The duplicated segment is located immediately after the normal segment of the chromosome in the same order.

ii. Reverse tandem duplication

The duplicated segment is located immediately after the normal segment but the gene sequence order will be reversed.

iii. Displaced duplication

The duplicated segment is located in the same chromosome, but away from the normal segment. (Figure 3.25)


Duplications play a major role in evolution.

3. Inversion

A rearrangement of order of genes in a chromosome by reversed by an angle 1800. This involve two chromosomal breaks and reunion. During this process there is neither gain nor loss but the gene sequences is rearranged. Inversion was first reported in Drosophila by Sturtevant (1926). There are two types of inversion, paracentric and pericentric (Figure 3.26).

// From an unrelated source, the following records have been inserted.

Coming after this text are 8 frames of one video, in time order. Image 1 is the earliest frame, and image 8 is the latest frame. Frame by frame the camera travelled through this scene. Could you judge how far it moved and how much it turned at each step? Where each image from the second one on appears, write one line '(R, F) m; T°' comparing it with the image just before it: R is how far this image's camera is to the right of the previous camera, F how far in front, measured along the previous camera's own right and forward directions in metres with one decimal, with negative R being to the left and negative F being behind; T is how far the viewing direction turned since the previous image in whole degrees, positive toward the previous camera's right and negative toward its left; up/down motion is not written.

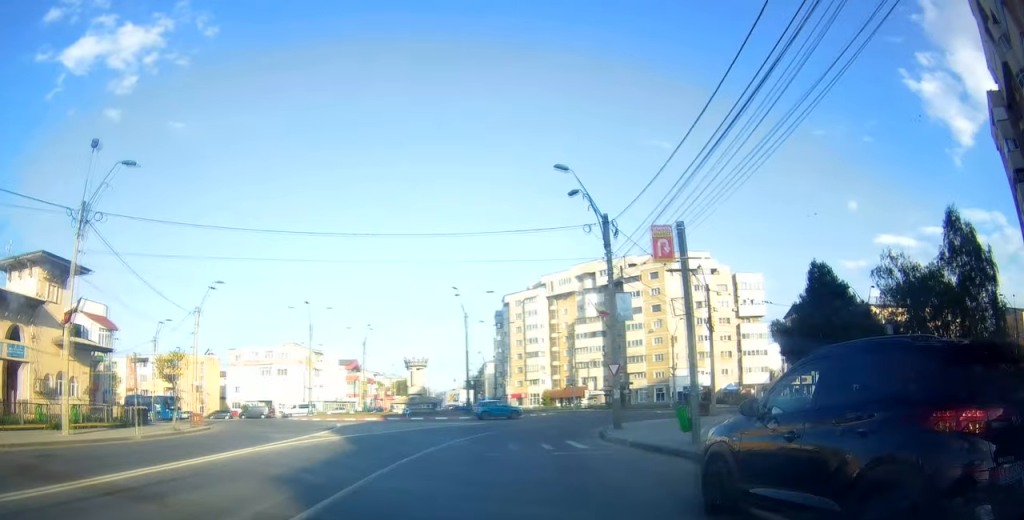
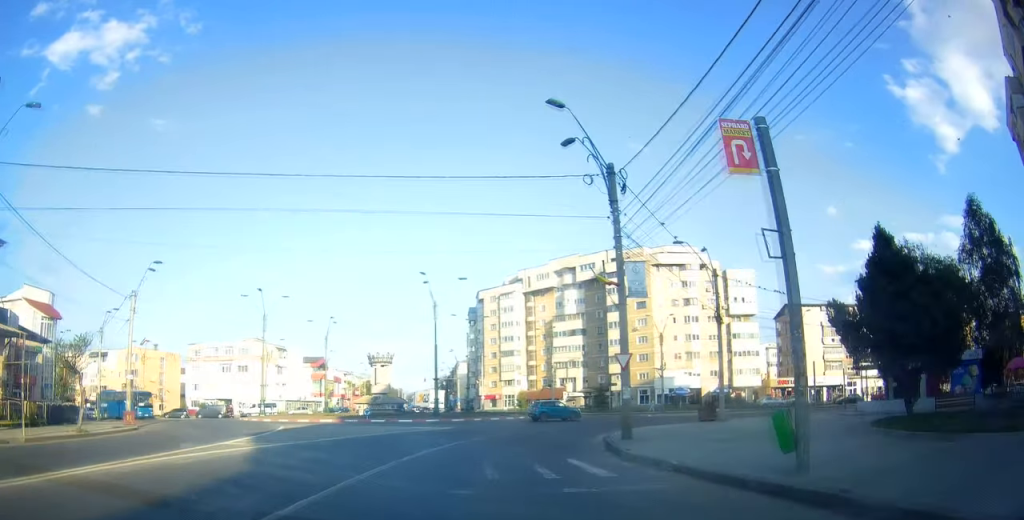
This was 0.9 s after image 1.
(-0.1, +6.6) m; -1°
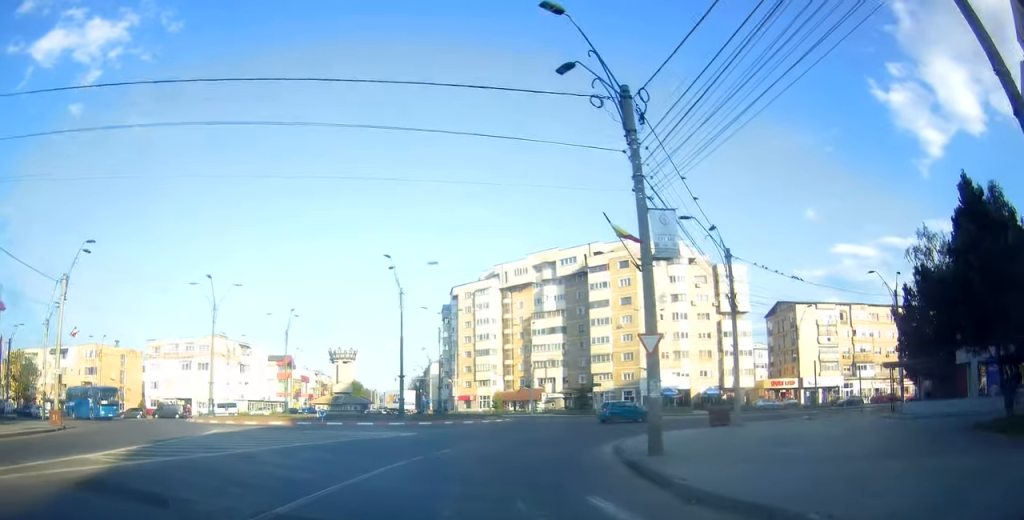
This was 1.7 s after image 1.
(-0.2, +6.3) m; -1°
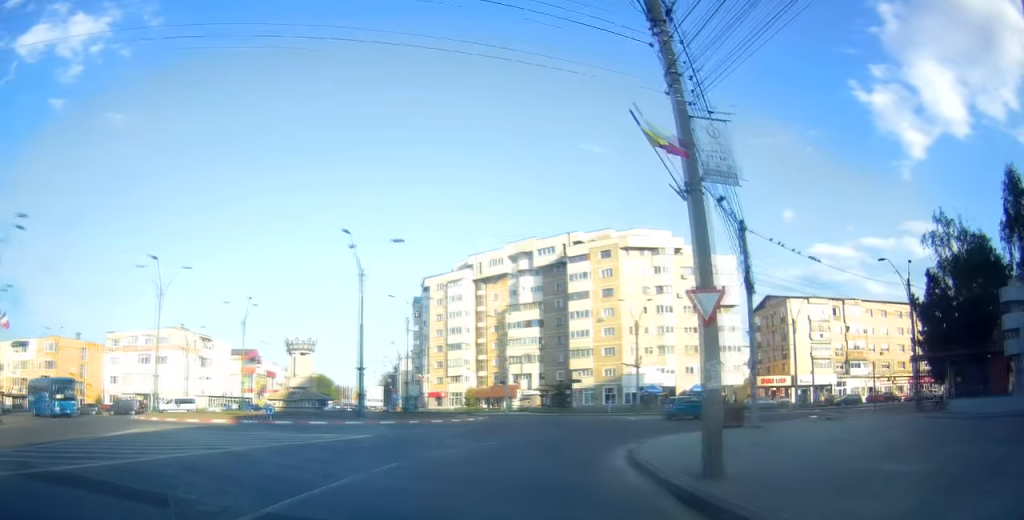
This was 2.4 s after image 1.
(+0.1, +5.4) m; +3°
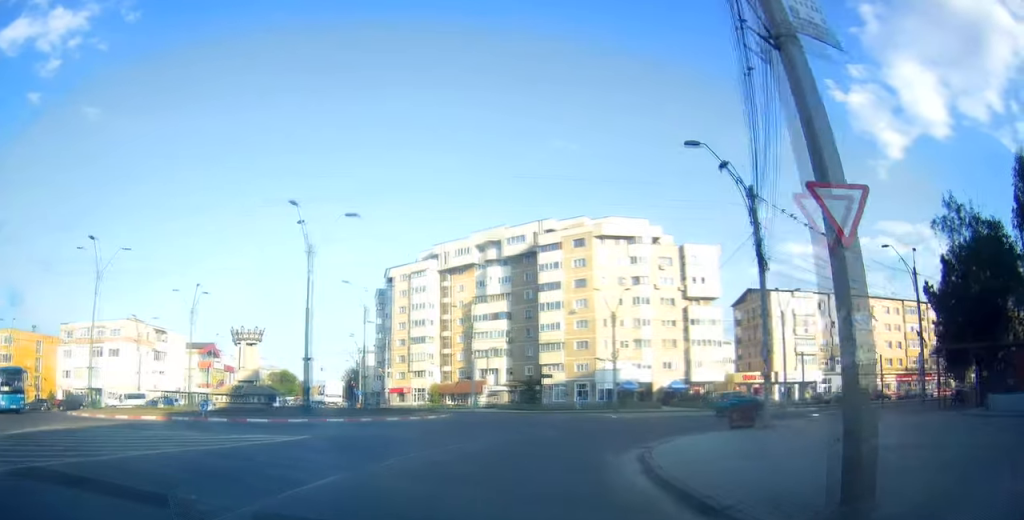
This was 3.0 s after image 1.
(-0.1, +4.6) m; +6°
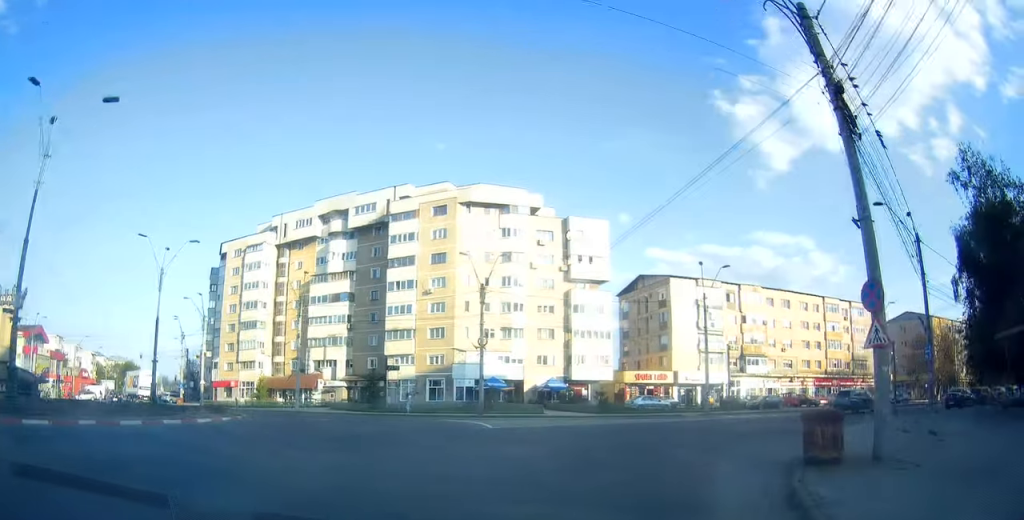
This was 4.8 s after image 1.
(+1.8, +13.6) m; +14°
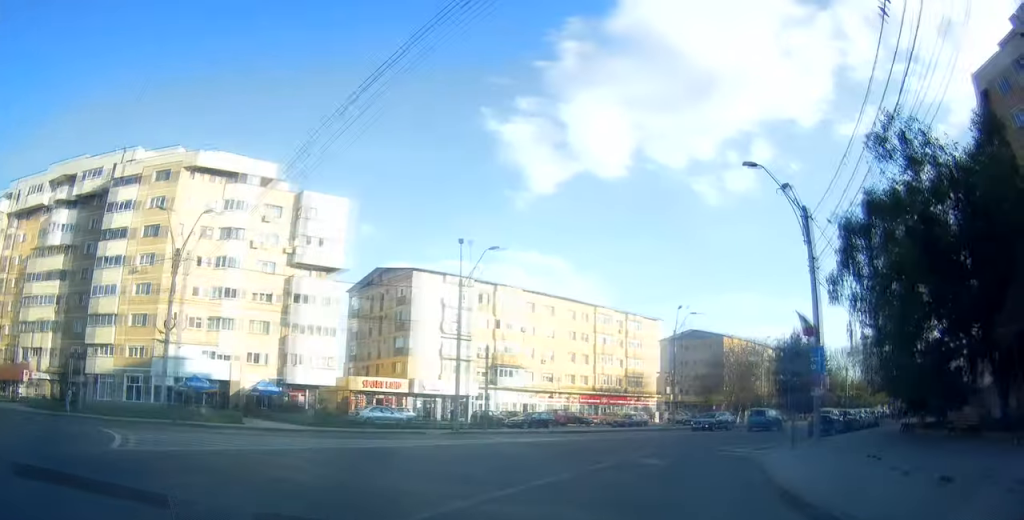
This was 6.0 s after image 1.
(+1.4, +10.6) m; +17°
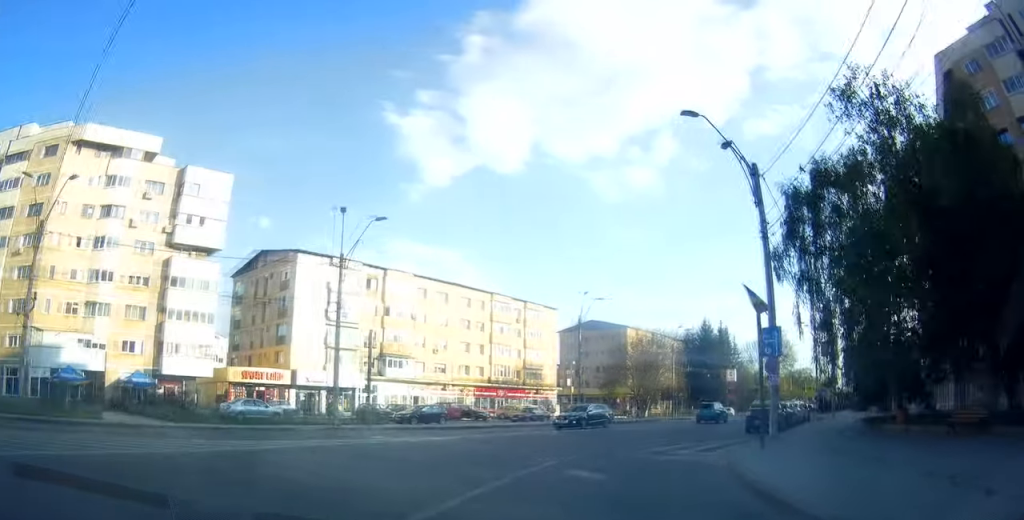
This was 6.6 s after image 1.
(+0.3, +4.9) m; +7°

i. Paracentric inversion: An inversion which takes place apart from the centromere

ii. Pericentric inversion: An inversion that includes the centromere.

Inversions lead to evolution of a new species.

4. Translocation

The transfer of a segment of chromosome to a non-homologous chromosome is called translocation. Translocation should not be confused with crossing over, in which an exchange of genetic material between homologous chromosome takes place. Translocation occurs as a result of interchange of chromosome segments in non-homologous chromosomes. There are three types

i. Simple translocation

ii.            Shift translocation

iii.            Reciprocal translocation

i. Simple translocation

A single break is made in only one chromosome. The broken segment gets attached to one end of a non-homologous chromosome. It occurs very rarly in nature.

ii. Shift translocation

Broken segment of one chromosome gets inserted interstitially in a non-homologous chromosome.

iii. Reciprocal translocations

It involves mutual exchange of chromosomal segments between two non-homologous chromosomes. It is also called illegitimate crossing over. It is further divided into two types (Figure 3.27).


a.  Homozygous translocation: Both the chromosomes of two pairs are involved in translocation. Two homologous of each translocated chromosomes are identical.

b.  Heterozygous translocation: Only one of the chromosome from each pair of two homologous are involved in translocation, while the remaining chromosome is normal.

Translocations play a major role in the formation of species.